Random seedInteger for reproducibility. Same seed + settings = identical output.

Temperature interpretation

TemperatureBehavior
0.05–0.1Conservative designs with highest predicted fitness. Best for maximizing sequence recovery.
0.2–0.3Moderate diversity while maintaining good recovery. Useful for variant libraries.
0.4–1.0High diversity at the cost of recovery. Use when exploring novel sequences matters more than optimality.

Design constraints

SettingDescription
Chains to designSpecify which chains to redesign (e.g., A,B); all others stay fixed. Simpler than listing every fixed residue for multi-chain proteins.
Homo-oligomerWhen enabled, all chains receive identical sequences. For symmetric assemblies like dimers or trimers.
Fixed positionsResidues to preserve unchanged.

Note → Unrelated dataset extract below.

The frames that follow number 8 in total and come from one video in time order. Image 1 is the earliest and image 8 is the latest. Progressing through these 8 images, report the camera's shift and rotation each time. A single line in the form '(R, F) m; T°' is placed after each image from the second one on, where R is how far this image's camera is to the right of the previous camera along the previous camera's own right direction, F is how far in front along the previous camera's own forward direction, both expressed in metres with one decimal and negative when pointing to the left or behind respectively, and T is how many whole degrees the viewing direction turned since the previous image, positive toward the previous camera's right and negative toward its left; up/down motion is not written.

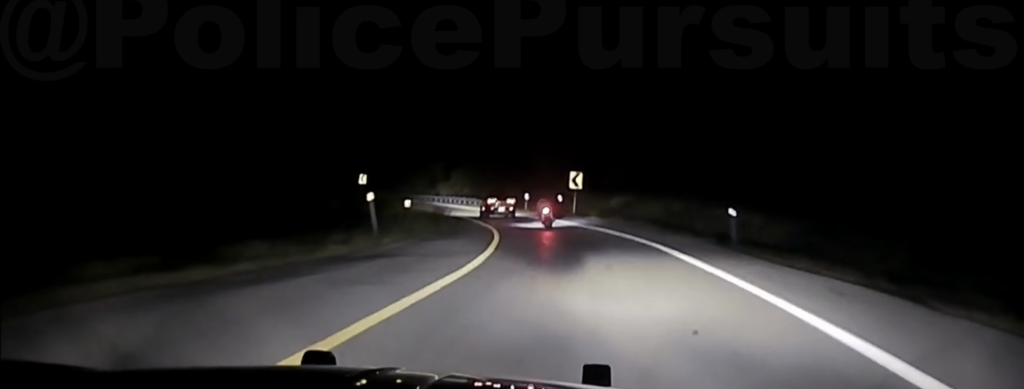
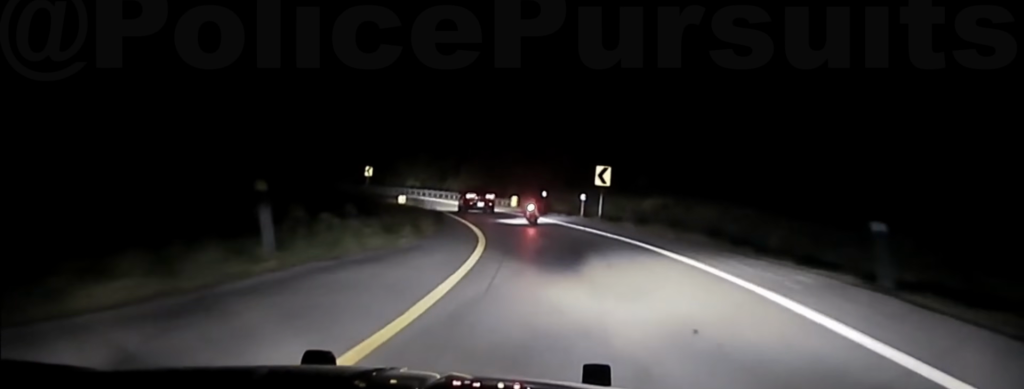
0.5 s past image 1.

Format: A15,A19,A1-10,B1-20. Useful for catalytic or binding sites.
Redesigned positionsInverse of fixed—specify what to redesign, everything else stays fixed. Format is identical. Cannot be used with Fixed positions.
Parse chains onlyParse only specified chains from the PDB, ignoring all others. Useful for large multi-chain assemblies where only a subset is relevant.
Include zero-occupancy atomsInclude atoms with zero occupancy from crystal structures. Off by default.
Exclude amino acidsGlobally exclude specific amino acids from all designed positions. Enter one-letter codes without separators (e.g., C, CW).
Amino acid biasesPer-residue type bias from −25 (exclude entirely) to +5 (strongly favor). Controls amino acid composition without hard exclusions.

Results

Each designed sequence includes:

ColumnDescription
Sequence IDIdentifier for the design (seq_1, seq_2, …)
SequenceThe designed amino acid sequence
Overall confidenceModel confidence (0–1). Higher indicates the model is more certain the sequence will fold correctly.
Seq recoveryFraction of positions matching the original sequence
Mutation countNumber of positions that differ from the input
Identity %Percent identity to the input sequence

Results can be exported as FASTA, CSV, or JSON, with backbone PDB files available in the Files tab.

Applications

Inverse folding enables several protein engineering workflows:

  • De novo protein design: After generating a novel backbone with tools like RFdiffusion, ProteinMPNN provides sequences likely to fold into that structure
  • Sequence optimization: Generate variants of existing proteins with potentially improved expression, solubility, or stability
  • Functional homolog design: Create sequence-diverse proteins that maintain a target fold, useful when avoiding immune recognition or intellectual property constraints
  • Rescue failed designs: Re-sequence backbones from computationally designed proteins that failed to express or fold

Limitations

ProteinMPNN designs sequences based solely on backbone geometry. It does not consider:

  • Ligand interactions: For proteins with bound small molecules, metals, or nucleotides, use LigandMPNN instead
  • Membrane environment: Standard ProteinMPNN was trained on soluble proteins. For transmembrane proteins or optimizing soluble expression, consider SolubleMPNN
  • Stability optimization: While designs often fold well, ProteinMPNN does not explicitly optimize thermostability. Consider ThermoMPNN for stability predictions

Experimental validation remains essential—computational metrics predict but do not guarantee foldability or function.